** Work instruction **
Your answer should be the number of lines in the listing that hold the string "width", with no other words.

** The data **
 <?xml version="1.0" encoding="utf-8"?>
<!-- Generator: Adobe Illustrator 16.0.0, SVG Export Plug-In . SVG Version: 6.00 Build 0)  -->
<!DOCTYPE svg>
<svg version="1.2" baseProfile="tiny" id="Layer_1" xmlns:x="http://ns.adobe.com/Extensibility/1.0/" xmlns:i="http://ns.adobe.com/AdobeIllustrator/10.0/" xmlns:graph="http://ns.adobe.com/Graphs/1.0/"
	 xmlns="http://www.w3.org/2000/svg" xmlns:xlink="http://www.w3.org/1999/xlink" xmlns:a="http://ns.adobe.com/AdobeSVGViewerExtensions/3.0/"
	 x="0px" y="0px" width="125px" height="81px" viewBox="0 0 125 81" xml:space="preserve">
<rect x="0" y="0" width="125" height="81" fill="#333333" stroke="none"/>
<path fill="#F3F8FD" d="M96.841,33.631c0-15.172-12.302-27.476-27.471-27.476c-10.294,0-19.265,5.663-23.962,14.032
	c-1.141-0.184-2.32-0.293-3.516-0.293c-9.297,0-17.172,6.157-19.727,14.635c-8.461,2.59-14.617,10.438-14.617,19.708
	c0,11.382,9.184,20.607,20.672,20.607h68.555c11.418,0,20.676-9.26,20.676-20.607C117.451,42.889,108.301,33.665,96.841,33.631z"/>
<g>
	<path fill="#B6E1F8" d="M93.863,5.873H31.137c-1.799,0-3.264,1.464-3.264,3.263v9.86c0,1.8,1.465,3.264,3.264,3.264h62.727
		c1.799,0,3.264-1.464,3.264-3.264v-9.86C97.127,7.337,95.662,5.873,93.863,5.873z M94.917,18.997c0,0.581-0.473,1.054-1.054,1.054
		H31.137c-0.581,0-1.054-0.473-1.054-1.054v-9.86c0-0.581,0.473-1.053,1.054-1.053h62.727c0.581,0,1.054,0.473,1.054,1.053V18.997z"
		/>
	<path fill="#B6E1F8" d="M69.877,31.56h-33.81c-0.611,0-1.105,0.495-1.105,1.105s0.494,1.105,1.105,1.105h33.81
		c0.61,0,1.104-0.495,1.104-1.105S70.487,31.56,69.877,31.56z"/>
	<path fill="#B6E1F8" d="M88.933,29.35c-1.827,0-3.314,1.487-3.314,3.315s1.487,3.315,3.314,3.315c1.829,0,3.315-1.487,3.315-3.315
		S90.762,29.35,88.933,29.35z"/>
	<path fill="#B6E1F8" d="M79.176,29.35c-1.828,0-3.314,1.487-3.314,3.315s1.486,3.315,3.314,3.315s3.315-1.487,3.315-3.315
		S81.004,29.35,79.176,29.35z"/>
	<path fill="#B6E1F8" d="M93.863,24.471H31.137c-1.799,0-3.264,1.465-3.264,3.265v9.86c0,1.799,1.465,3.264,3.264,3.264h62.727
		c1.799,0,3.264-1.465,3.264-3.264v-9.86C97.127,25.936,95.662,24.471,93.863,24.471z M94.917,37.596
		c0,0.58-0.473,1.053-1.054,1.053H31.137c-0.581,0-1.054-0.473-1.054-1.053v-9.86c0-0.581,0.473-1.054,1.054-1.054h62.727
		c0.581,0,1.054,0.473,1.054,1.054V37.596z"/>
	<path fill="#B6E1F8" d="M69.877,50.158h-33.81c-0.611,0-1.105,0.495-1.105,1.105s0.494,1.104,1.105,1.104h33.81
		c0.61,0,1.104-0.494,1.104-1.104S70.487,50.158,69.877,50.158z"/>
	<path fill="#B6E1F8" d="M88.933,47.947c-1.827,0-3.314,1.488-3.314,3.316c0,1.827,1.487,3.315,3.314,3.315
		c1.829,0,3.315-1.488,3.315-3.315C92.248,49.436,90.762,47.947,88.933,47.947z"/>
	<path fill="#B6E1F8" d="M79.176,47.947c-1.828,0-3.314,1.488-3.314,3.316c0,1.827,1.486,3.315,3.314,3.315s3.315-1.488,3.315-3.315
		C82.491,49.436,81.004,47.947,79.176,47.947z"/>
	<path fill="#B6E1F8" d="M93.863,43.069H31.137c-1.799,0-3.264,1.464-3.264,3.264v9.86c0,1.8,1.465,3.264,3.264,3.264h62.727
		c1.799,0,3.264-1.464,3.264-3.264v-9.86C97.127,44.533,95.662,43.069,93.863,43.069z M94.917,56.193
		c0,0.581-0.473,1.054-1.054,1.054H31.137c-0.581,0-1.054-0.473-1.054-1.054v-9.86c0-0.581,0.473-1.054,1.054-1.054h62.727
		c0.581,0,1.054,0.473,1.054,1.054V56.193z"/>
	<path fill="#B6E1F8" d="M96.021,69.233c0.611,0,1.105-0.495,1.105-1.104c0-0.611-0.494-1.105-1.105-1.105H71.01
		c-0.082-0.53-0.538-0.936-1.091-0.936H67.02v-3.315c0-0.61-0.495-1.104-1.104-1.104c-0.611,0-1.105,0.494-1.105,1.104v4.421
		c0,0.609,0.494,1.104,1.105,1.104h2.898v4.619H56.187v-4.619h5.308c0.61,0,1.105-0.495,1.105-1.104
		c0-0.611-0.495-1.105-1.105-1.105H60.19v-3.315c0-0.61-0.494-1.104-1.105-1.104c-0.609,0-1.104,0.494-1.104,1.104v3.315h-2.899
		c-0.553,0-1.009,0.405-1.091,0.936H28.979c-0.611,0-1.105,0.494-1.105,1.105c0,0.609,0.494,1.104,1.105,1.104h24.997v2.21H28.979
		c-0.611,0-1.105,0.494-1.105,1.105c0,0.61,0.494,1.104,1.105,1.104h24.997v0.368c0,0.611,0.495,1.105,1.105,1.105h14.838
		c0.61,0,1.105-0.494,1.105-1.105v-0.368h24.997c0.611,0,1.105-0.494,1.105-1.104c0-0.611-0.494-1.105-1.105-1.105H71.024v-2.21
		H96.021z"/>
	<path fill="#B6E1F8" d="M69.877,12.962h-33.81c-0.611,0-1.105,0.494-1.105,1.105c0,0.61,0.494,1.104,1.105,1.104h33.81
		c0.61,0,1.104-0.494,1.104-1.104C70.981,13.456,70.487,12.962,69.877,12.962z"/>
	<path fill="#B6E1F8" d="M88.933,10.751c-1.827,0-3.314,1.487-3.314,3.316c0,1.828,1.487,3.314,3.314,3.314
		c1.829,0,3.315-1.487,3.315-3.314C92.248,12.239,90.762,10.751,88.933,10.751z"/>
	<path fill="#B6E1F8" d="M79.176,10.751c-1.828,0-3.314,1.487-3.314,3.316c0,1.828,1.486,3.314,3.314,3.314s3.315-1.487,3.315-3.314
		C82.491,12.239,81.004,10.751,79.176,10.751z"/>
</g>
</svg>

** Response to this exercise **
2